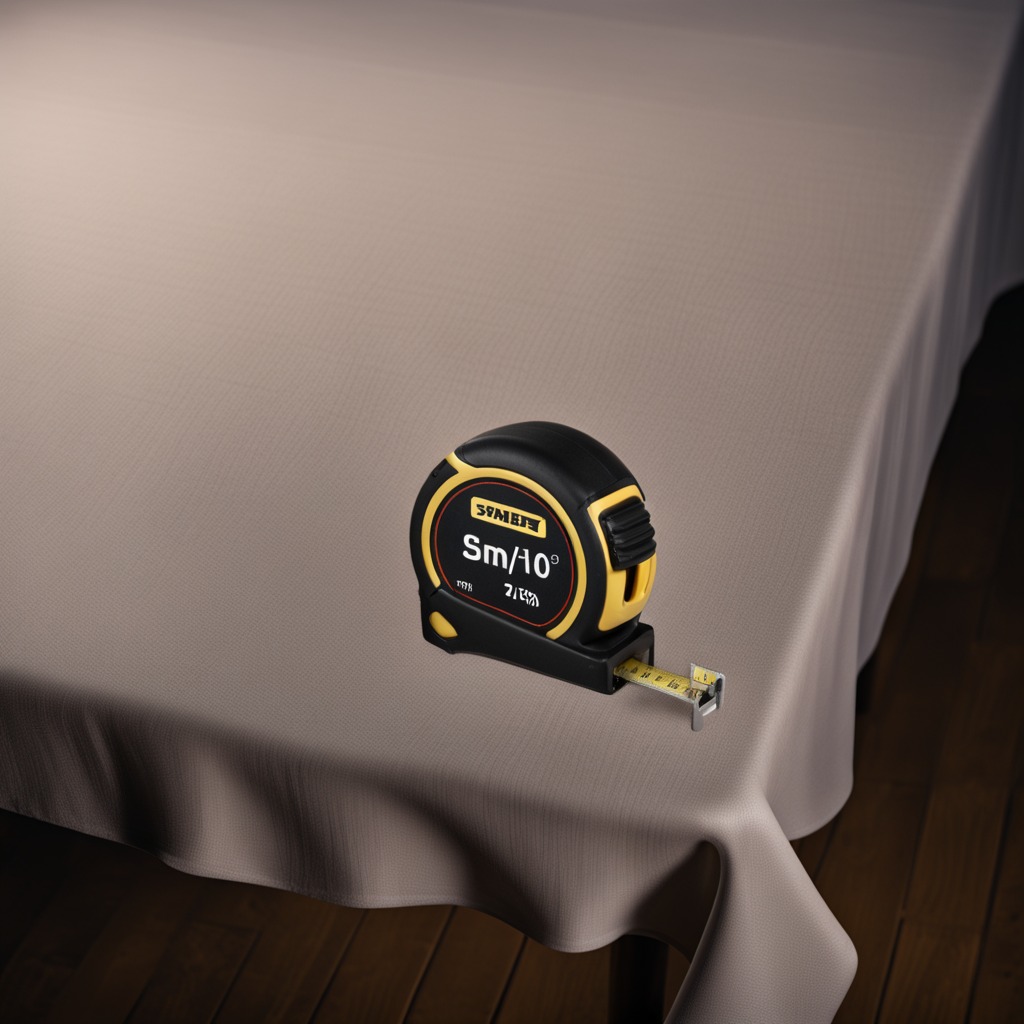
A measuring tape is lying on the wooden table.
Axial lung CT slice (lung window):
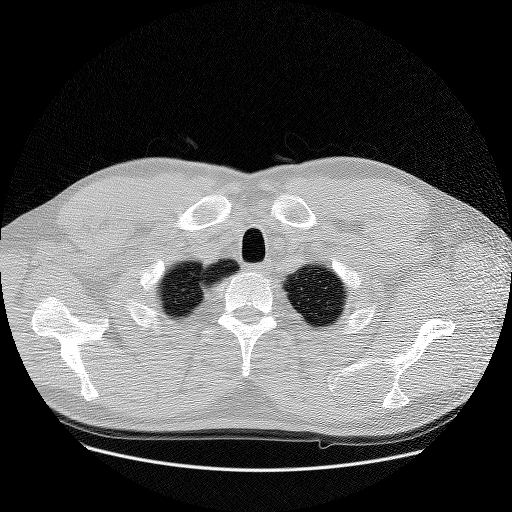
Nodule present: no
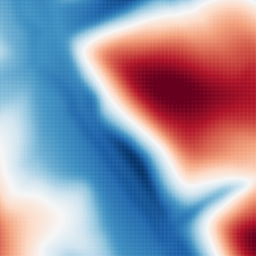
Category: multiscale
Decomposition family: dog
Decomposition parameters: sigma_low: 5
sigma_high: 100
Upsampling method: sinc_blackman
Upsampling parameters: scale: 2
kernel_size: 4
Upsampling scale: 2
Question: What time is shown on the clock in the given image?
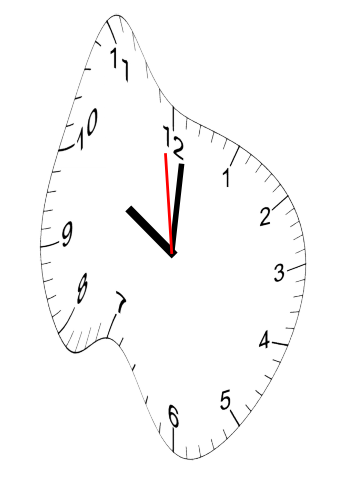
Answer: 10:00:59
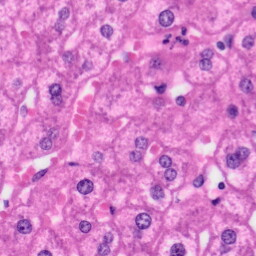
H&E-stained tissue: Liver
==
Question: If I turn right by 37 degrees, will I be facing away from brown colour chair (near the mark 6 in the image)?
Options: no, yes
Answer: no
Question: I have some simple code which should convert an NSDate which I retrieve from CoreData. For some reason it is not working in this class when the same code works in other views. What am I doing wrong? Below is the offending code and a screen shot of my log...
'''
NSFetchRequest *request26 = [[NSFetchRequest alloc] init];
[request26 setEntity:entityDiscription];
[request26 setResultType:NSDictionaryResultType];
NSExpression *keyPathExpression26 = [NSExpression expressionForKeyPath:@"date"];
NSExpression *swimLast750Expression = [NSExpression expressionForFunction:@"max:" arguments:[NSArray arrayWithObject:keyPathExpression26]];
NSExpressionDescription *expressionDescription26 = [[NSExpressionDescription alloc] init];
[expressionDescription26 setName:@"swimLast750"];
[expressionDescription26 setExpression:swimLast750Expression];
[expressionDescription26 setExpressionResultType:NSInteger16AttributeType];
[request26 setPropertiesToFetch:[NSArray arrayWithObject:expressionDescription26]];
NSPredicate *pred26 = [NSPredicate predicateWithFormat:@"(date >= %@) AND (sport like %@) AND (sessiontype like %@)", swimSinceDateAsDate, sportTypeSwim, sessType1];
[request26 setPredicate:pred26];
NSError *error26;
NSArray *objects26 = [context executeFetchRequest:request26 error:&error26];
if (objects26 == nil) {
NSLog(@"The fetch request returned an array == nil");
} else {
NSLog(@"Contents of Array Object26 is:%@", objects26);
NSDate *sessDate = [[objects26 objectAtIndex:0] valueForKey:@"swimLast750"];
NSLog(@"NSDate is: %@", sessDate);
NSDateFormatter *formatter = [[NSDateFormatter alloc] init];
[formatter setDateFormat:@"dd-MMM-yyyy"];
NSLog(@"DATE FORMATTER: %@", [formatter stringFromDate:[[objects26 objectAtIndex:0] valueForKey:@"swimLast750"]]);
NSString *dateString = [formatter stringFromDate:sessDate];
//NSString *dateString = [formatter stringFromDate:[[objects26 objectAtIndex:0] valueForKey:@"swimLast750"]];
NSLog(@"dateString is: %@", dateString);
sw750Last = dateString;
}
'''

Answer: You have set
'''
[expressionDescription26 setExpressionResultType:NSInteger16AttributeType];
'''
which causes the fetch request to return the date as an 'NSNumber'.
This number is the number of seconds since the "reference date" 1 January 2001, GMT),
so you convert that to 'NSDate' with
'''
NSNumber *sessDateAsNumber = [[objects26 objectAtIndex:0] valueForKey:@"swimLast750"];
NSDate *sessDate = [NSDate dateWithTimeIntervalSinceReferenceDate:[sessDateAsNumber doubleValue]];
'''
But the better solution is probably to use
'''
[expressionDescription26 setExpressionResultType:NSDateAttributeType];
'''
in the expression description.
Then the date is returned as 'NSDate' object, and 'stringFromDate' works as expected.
...
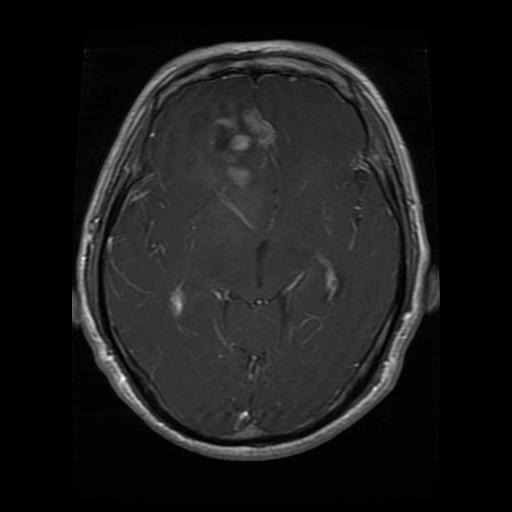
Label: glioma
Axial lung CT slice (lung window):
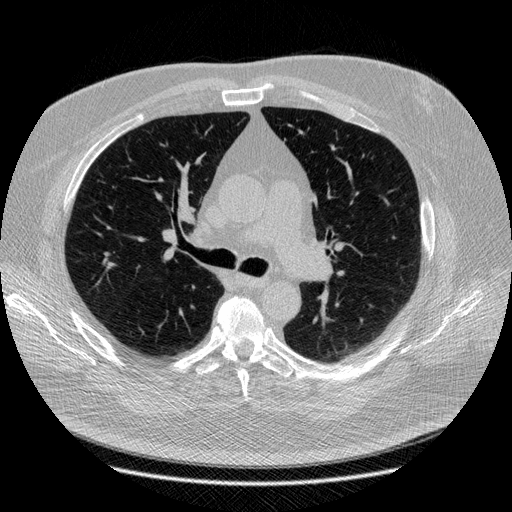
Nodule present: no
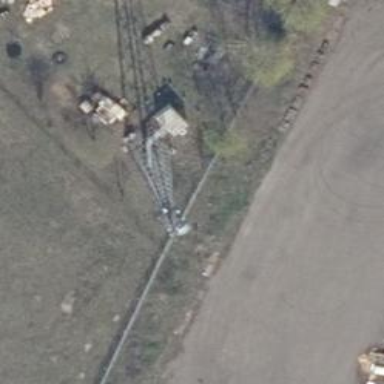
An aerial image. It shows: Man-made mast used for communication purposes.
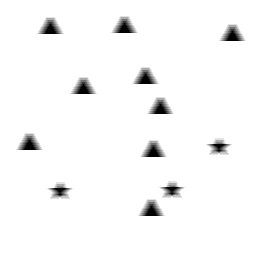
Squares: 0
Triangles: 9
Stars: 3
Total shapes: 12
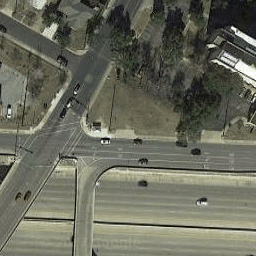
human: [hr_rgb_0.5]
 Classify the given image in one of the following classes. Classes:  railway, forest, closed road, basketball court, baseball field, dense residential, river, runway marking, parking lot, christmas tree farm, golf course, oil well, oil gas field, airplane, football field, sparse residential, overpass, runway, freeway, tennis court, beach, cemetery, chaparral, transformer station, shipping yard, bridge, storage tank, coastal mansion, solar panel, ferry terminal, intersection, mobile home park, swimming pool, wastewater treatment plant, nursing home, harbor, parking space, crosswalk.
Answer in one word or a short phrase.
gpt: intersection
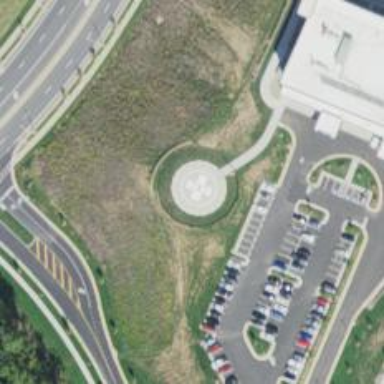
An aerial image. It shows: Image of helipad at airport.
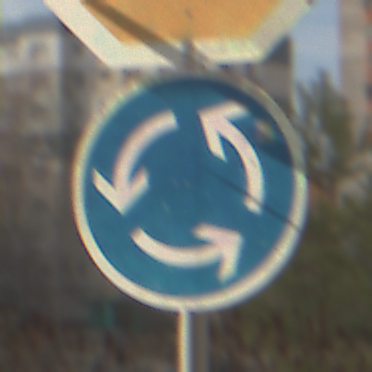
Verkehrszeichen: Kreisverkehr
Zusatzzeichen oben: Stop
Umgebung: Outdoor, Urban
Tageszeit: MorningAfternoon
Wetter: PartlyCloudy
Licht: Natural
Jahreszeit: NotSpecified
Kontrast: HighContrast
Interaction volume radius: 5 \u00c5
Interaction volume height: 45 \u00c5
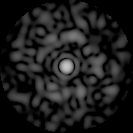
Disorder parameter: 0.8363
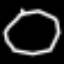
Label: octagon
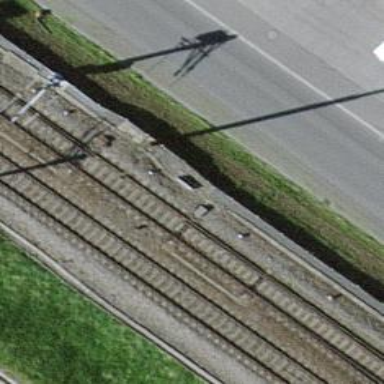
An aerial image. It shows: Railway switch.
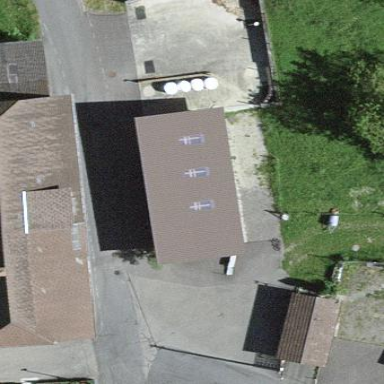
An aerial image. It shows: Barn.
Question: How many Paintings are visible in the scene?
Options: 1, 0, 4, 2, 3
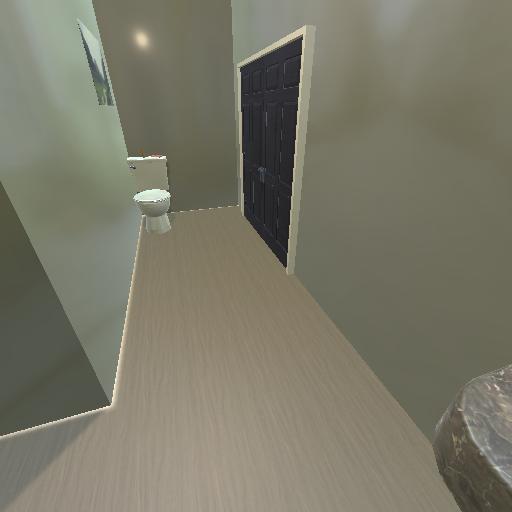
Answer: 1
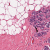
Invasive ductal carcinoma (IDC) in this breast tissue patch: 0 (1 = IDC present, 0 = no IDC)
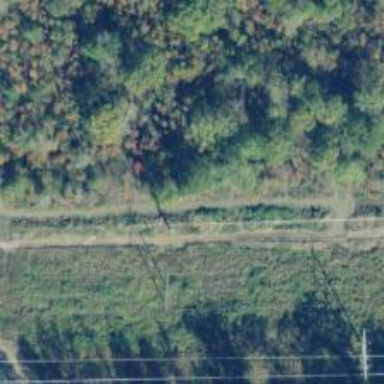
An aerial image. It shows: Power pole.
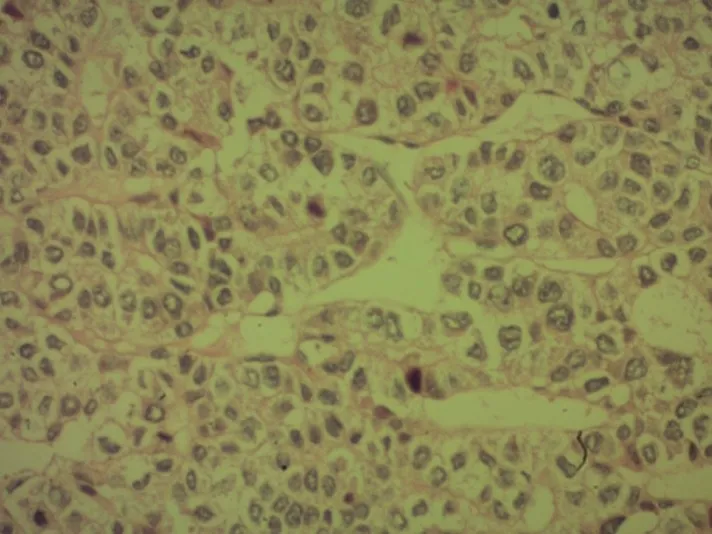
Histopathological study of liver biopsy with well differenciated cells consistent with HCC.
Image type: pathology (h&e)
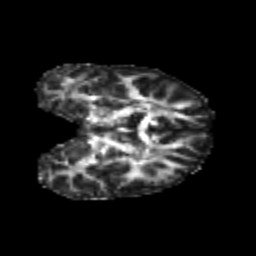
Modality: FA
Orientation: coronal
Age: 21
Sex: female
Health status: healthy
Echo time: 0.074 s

▶ Task instructions:
Every line above holding the string "tissue" should be listed.

▶ Worked solution:
H&E-stained tissue: Liver
Invasive ductal carcinoma (IDC) in this breast tissue patch: 0 (1 = IDC present, 0 = no IDC)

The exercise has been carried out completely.